### YOUR GOAL:
Leaving out all images, return the entries below exactly.

### Records from a data collection:
^^^^^^^^^^^^^^^^

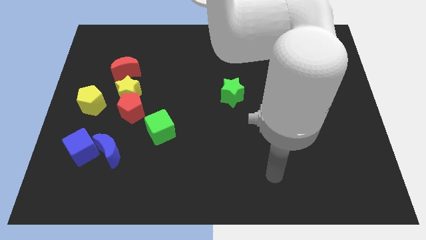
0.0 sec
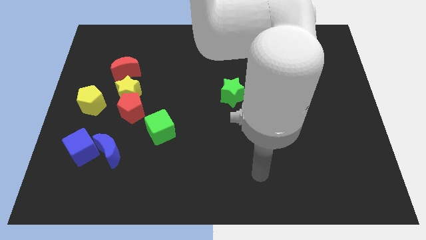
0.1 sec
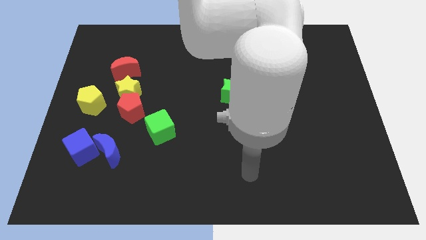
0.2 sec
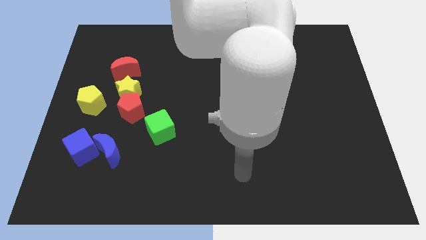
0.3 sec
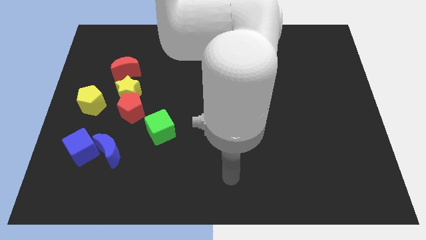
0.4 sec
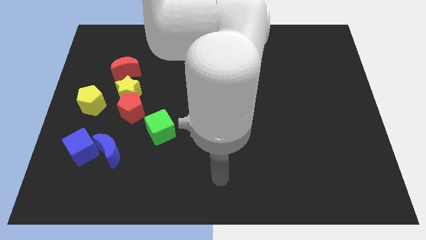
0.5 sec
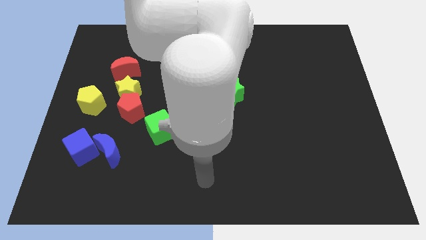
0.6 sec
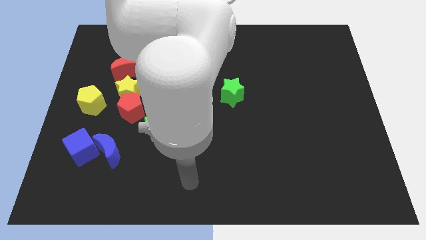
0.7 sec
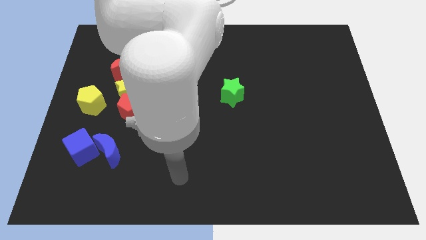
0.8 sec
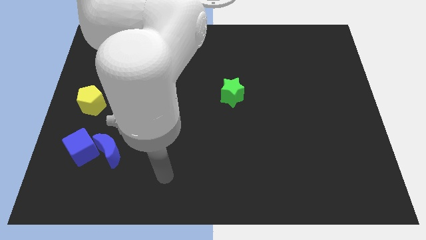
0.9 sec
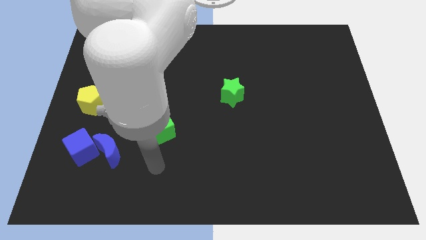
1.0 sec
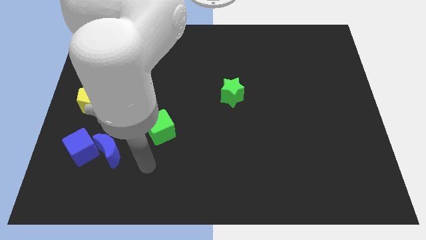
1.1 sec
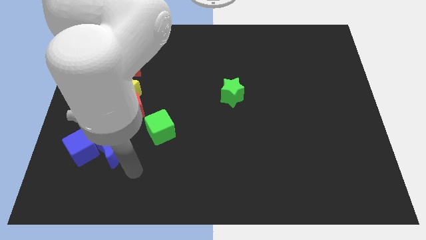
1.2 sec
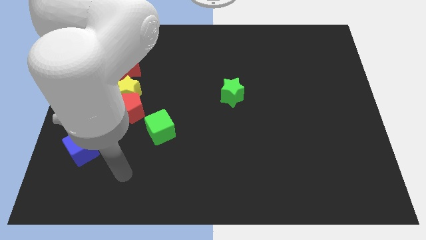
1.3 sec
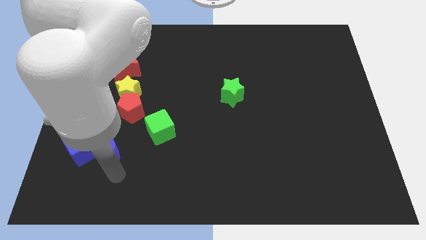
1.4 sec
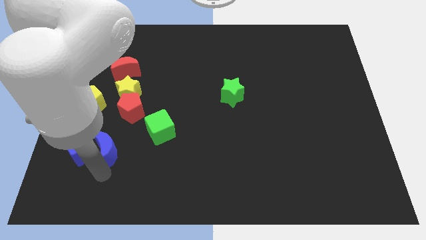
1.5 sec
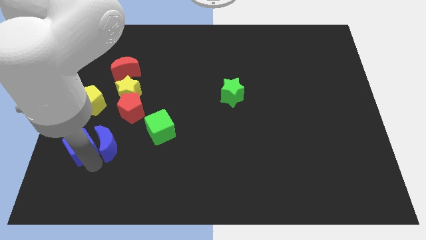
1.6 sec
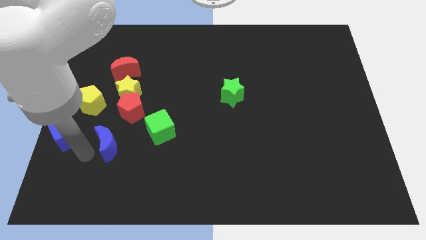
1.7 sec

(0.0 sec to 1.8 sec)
move the blue moon away from the blue cube

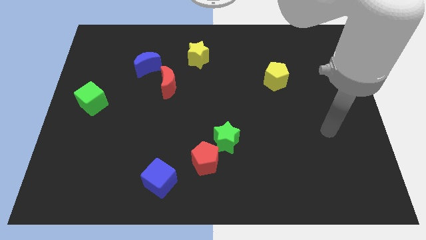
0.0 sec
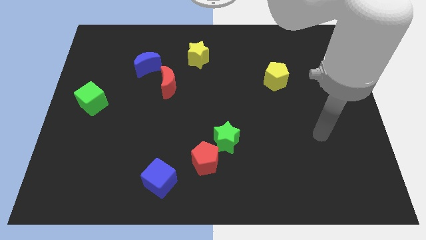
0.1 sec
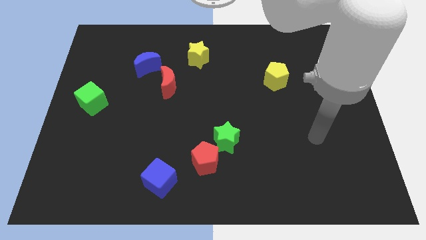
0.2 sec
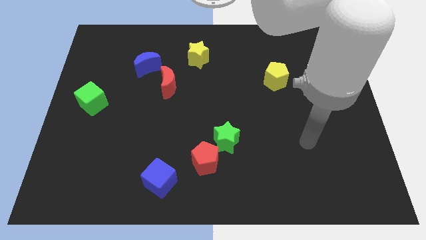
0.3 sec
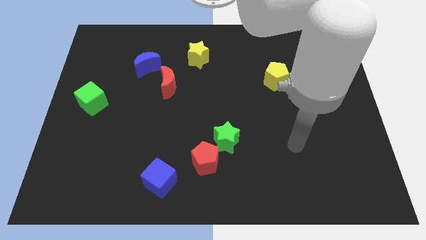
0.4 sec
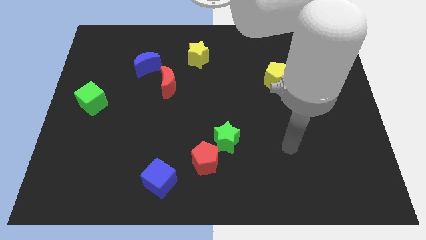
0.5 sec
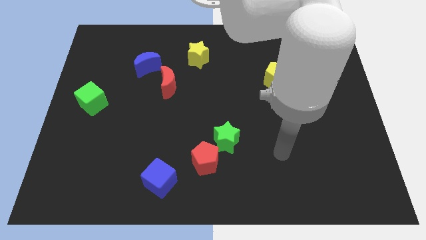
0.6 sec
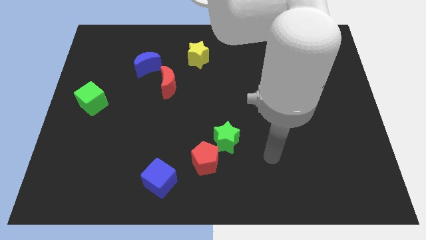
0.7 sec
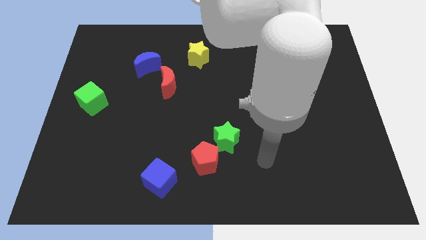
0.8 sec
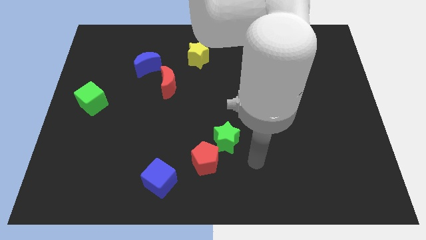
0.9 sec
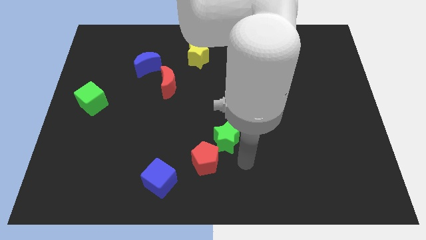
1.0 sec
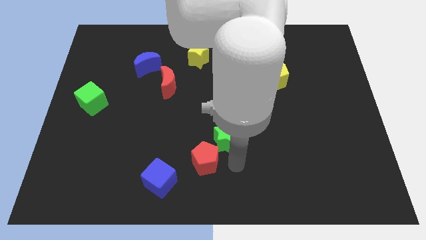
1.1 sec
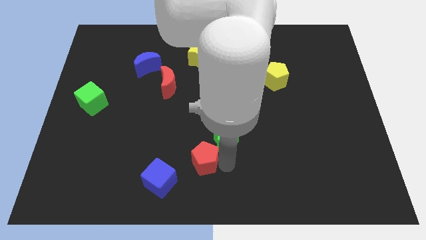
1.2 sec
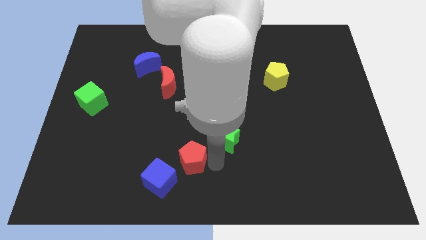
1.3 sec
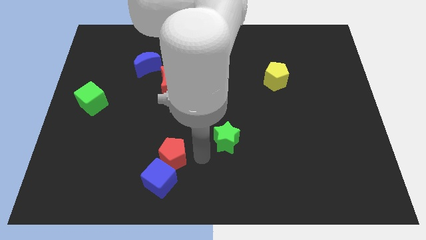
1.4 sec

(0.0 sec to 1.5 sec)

^^^^^^^^^^^^^^^^

### ANSWER BOX:
0.0 sec
0.1 sec
0.2 sec
0.3 sec
0.4 sec
0.5 sec
0.6 sec
0.7 sec
0.8 sec
0.9 sec
1.0 sec
1.1 sec
1.2 sec
1.3 sec
1.4 sec
1.5 sec
1.6 sec
1.7 sec

(0.0 sec to 1.8 sec)
move the blue moon away from the blue cube

0.0 sec
0.1 sec
0.2 sec
0.3 sec
0.4 sec
0.5 sec
0.6 sec
0.7 sec
0.8 sec
0.9 sec
1.0 sec
1.1 sec
1.2 sec
1.3 sec
1.4 sec

(0.0 sec to 1.5 sec)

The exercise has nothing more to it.